• **What the exercise asks**
The answer must be an exact copy of the records, with no pictures in it.

*** Opening of Dataset records ***

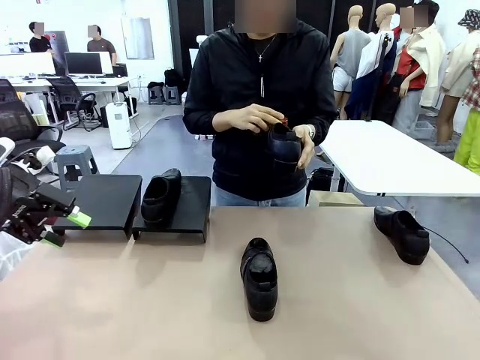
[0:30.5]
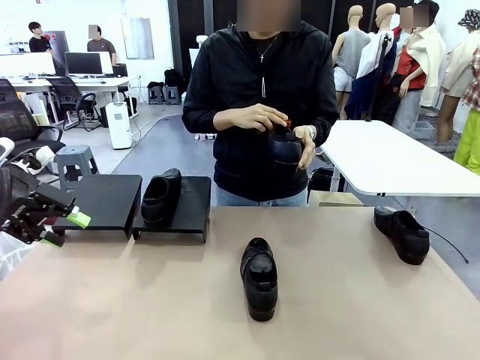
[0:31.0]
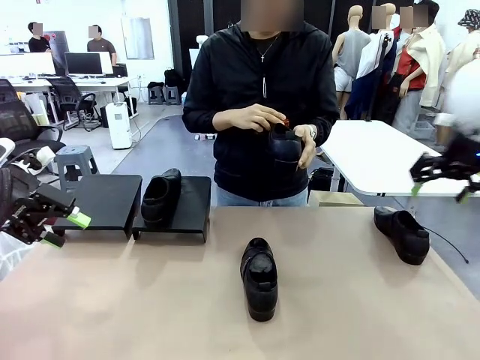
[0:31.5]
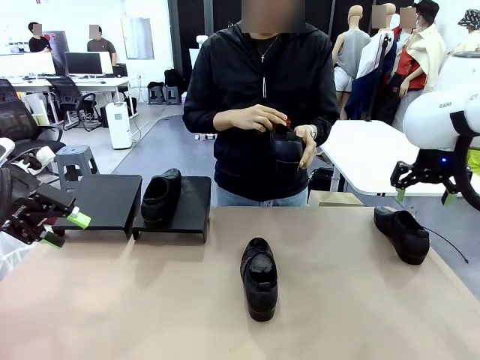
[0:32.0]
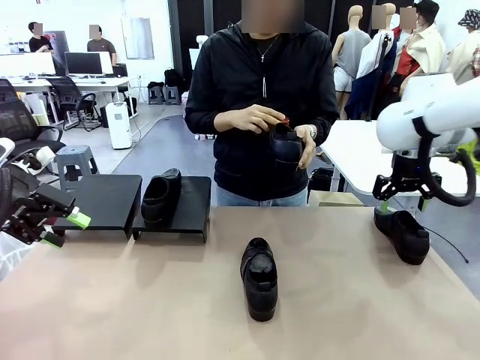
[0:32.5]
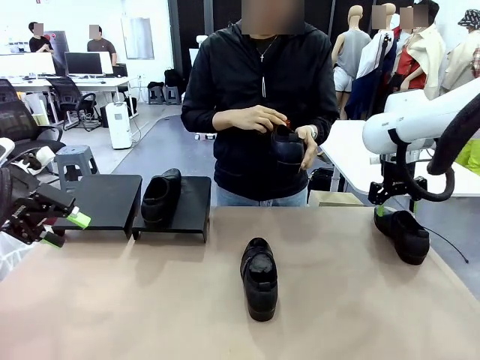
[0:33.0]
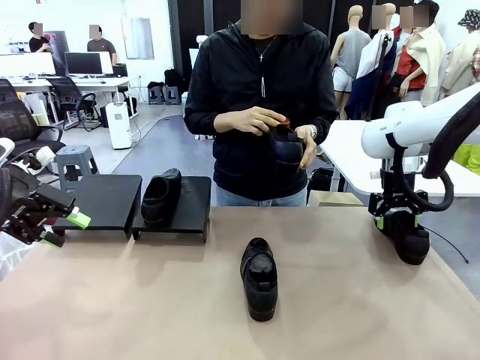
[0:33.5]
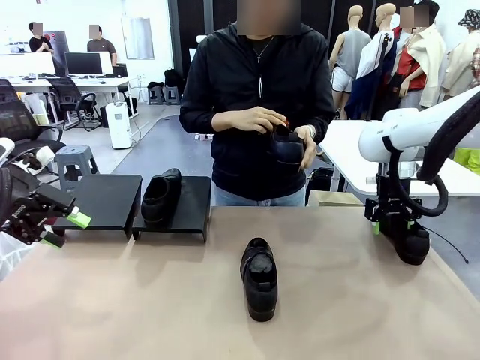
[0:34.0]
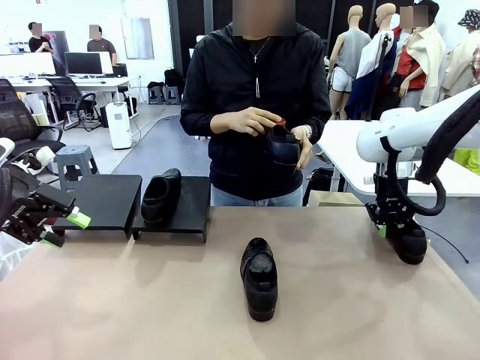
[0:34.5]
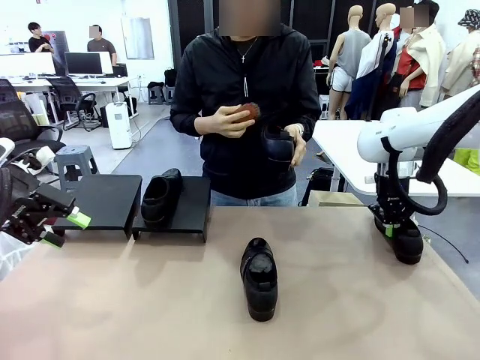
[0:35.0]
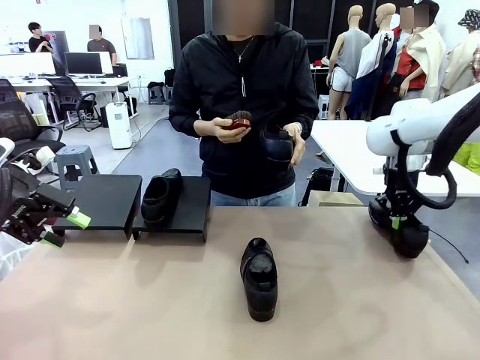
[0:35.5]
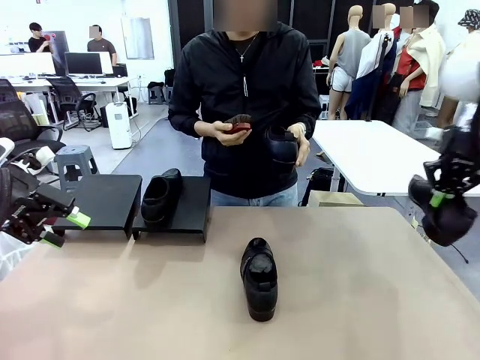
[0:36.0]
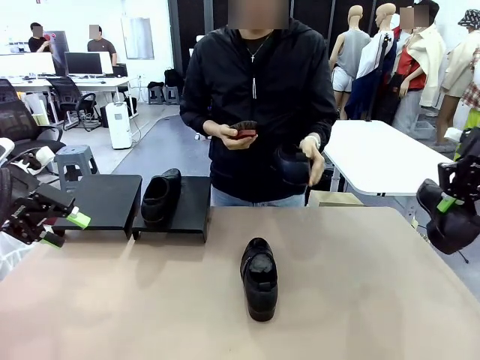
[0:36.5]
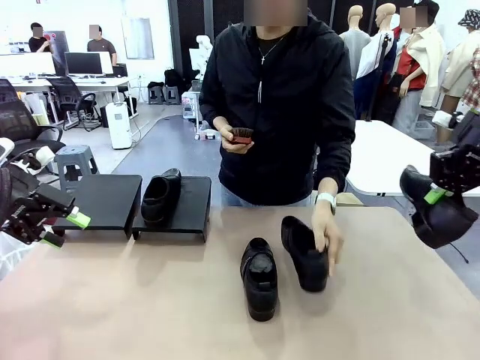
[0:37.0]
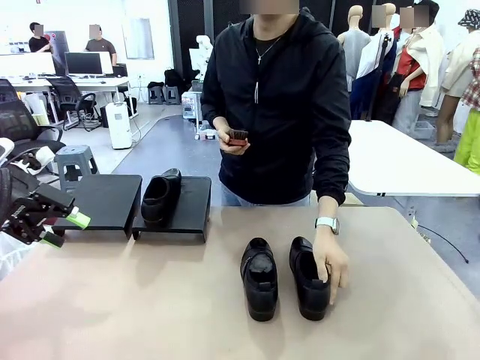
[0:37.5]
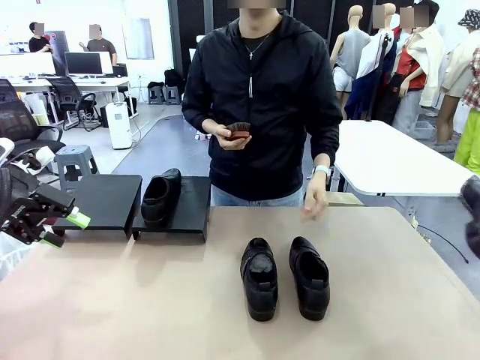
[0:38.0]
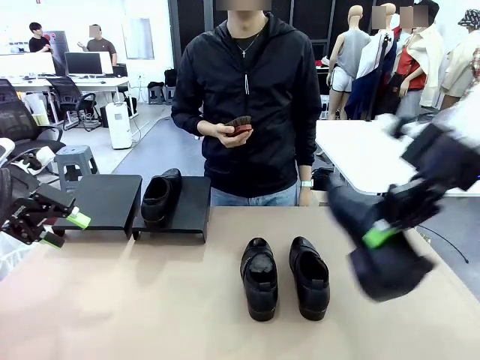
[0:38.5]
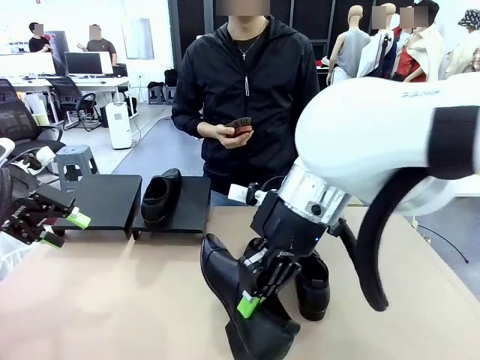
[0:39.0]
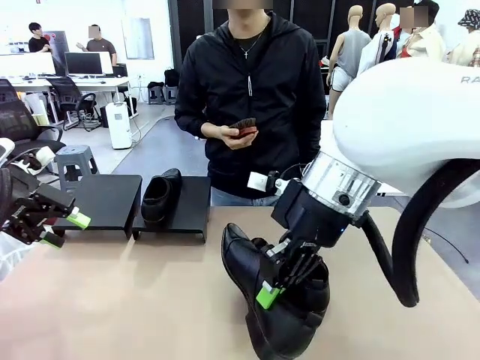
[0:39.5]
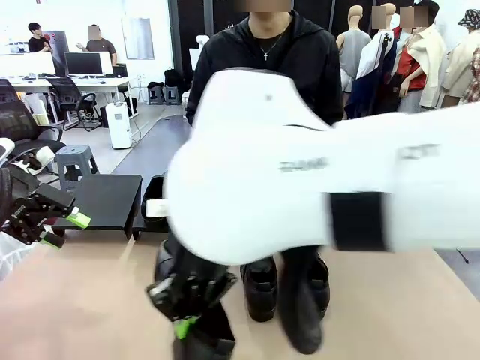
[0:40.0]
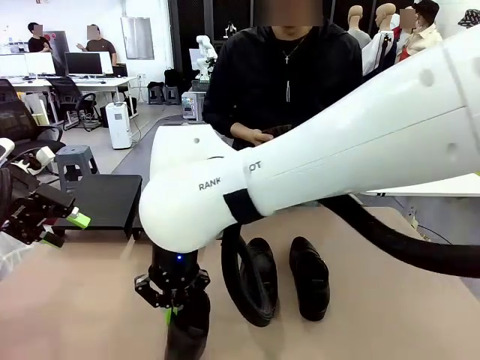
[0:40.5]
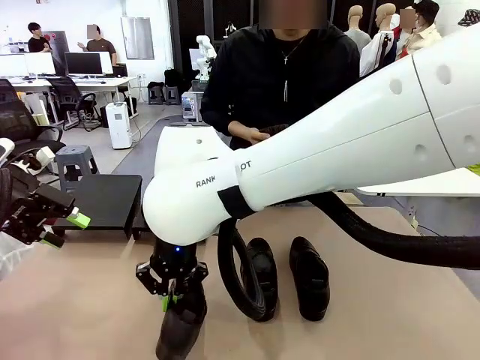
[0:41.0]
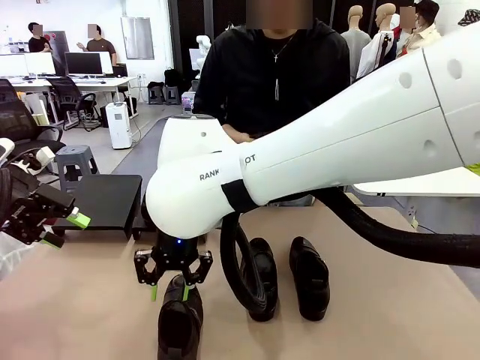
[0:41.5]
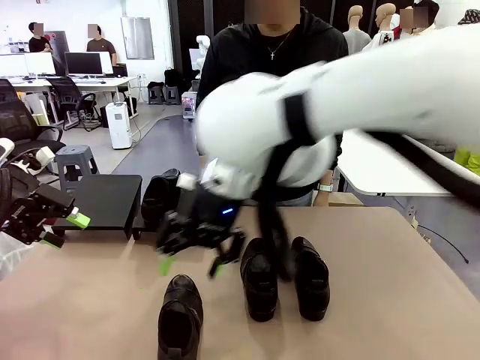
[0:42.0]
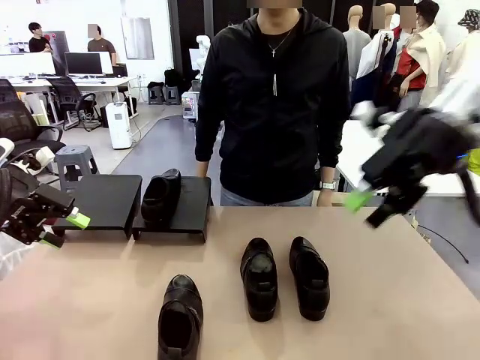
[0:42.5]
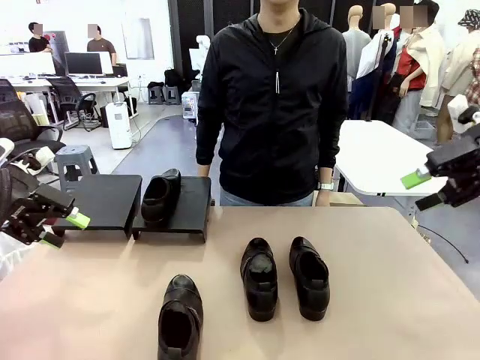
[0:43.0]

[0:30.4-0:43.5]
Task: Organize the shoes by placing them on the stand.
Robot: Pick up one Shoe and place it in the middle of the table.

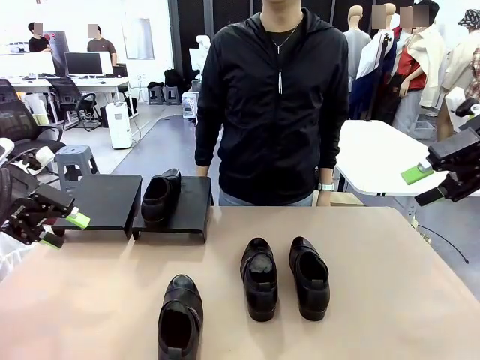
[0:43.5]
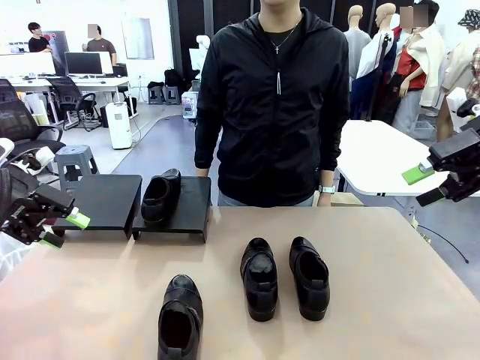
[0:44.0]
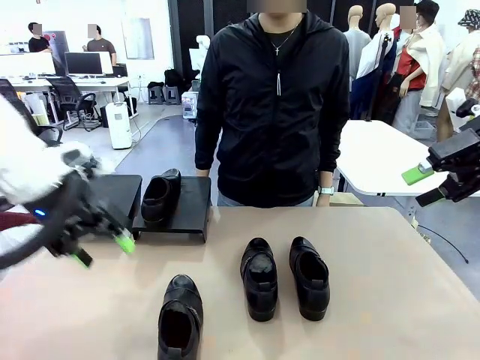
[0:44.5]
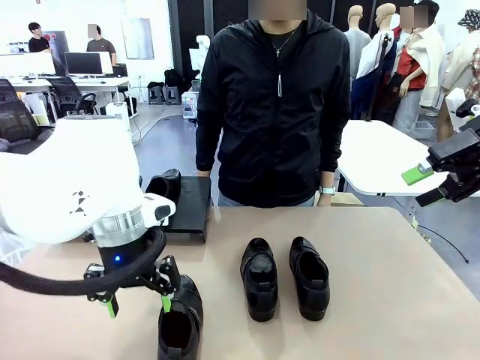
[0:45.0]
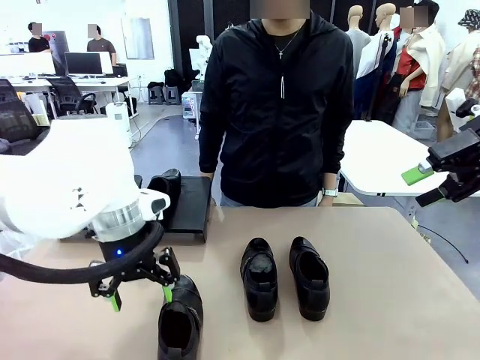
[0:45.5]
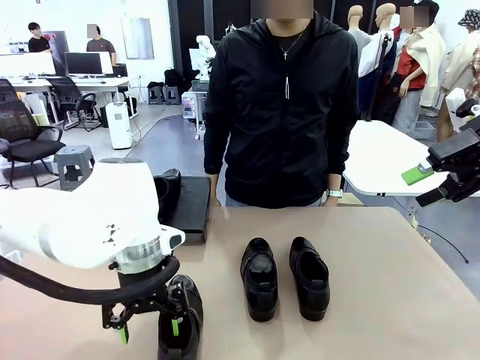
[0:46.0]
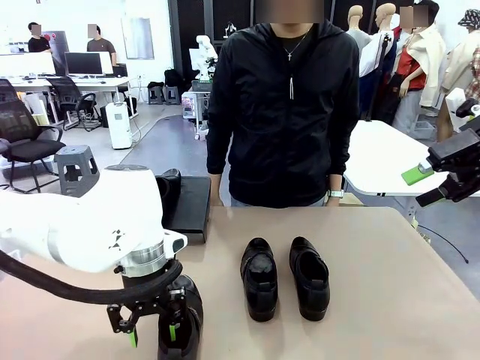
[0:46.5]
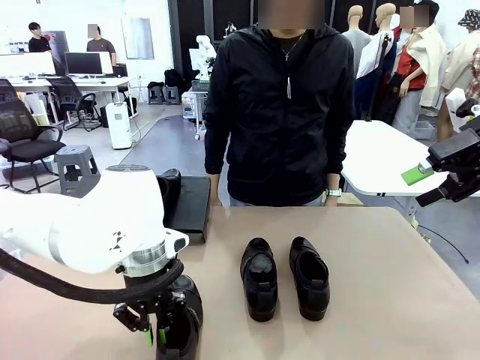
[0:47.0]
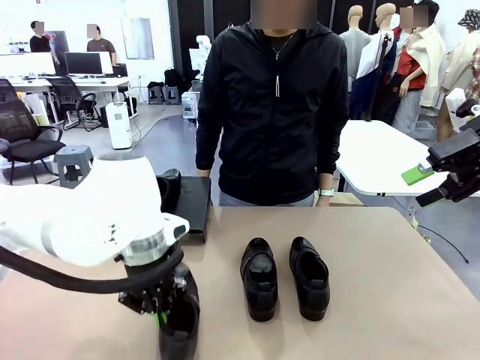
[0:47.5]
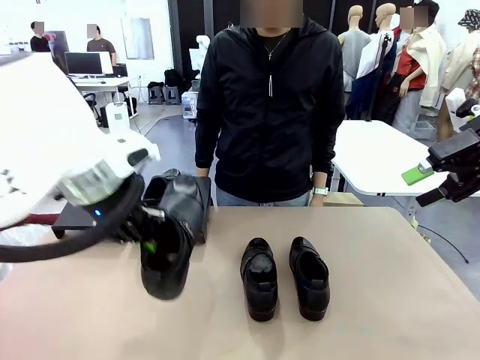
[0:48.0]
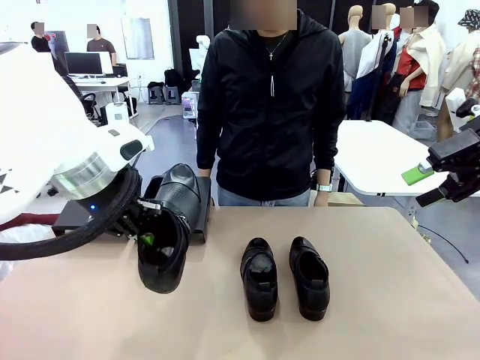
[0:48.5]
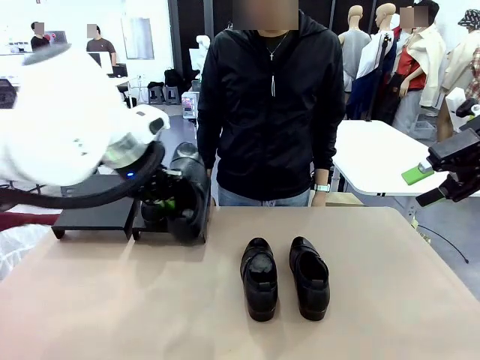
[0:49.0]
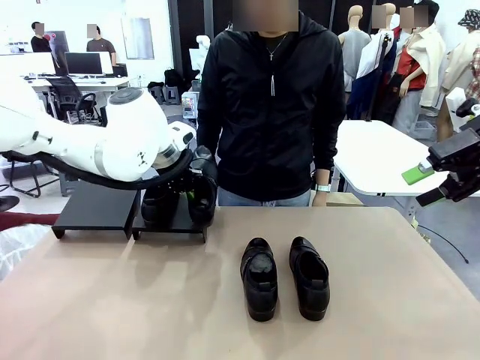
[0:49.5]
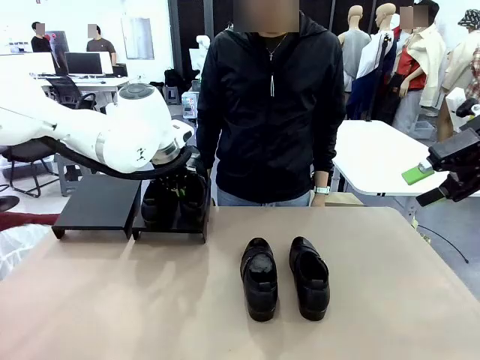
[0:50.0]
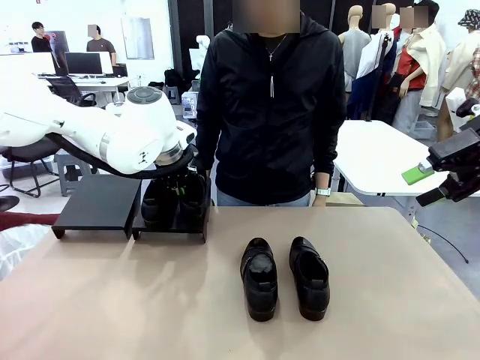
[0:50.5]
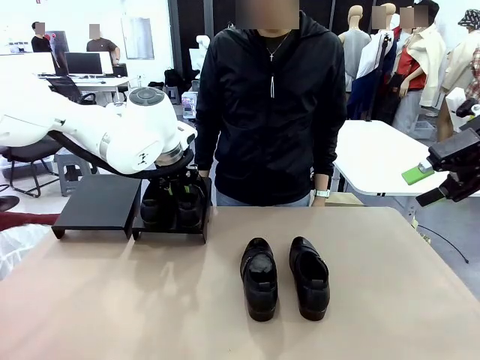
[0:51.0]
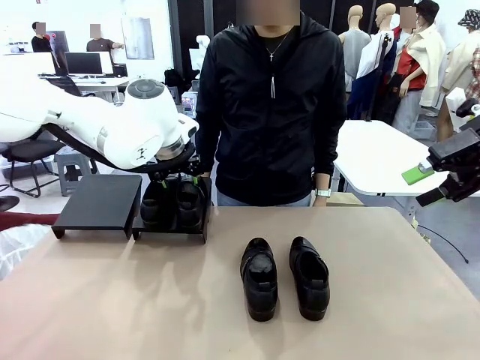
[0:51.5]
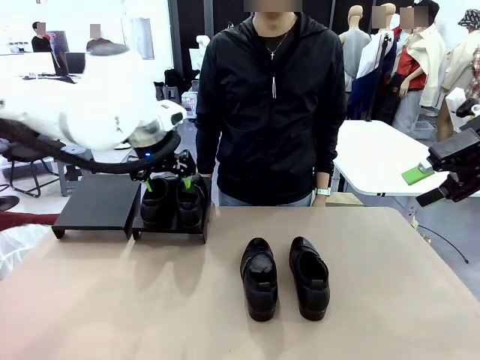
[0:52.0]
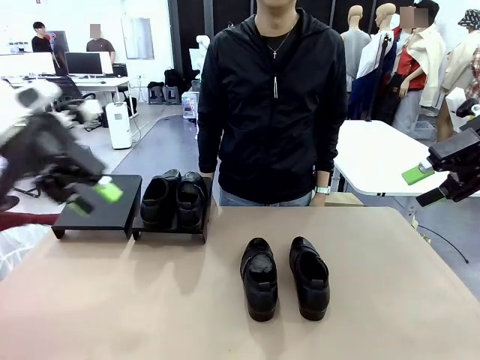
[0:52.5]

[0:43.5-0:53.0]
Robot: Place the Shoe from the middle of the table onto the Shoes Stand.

*** Close of Dataset records ***

• **Exercise solution**
[0:30.5]
[0:31.0]
[0:31.5]
[0:32.0]
[0:32.5]
[0:33.0]
[0:33.5]
[0:34.0]
[0:34.5]
[0:35.0]
[0:35.5]
[0:36.0]
[0:36.5]
[0:37.0]
[0:37.5]
[0:38.0]
[0:38.5]
[0:39.0]
[0:39.5]
[0:40.0]
[0:40.5]
[0:41.0]
[0:41.5]
[0:42.0]
[0:42.5]
[0:43.0]

[0:30.4-0:43.5]
Task: Organize the shoes by placing them on the stand.
Robot: Pick up one Shoe and place it in the middle of the table.

[0:43.5]
[0:44.0]
[0:44.5]
[0:45.0]
[0:45.5]
[0:46.0]
[0:46.5]
[0:47.0]
[0:47.5]
[0:48.0]
[0:48.5]
[0:49.0]
[0:49.5]
[0:50.0]
[0:50.5]
[0:51.0]
[0:51.5]
[0:52.0]
[0:52.5]

[0:43.5-0:53.0]
Robot: Place the Shoe from the middle of the table onto the Shoes Stand.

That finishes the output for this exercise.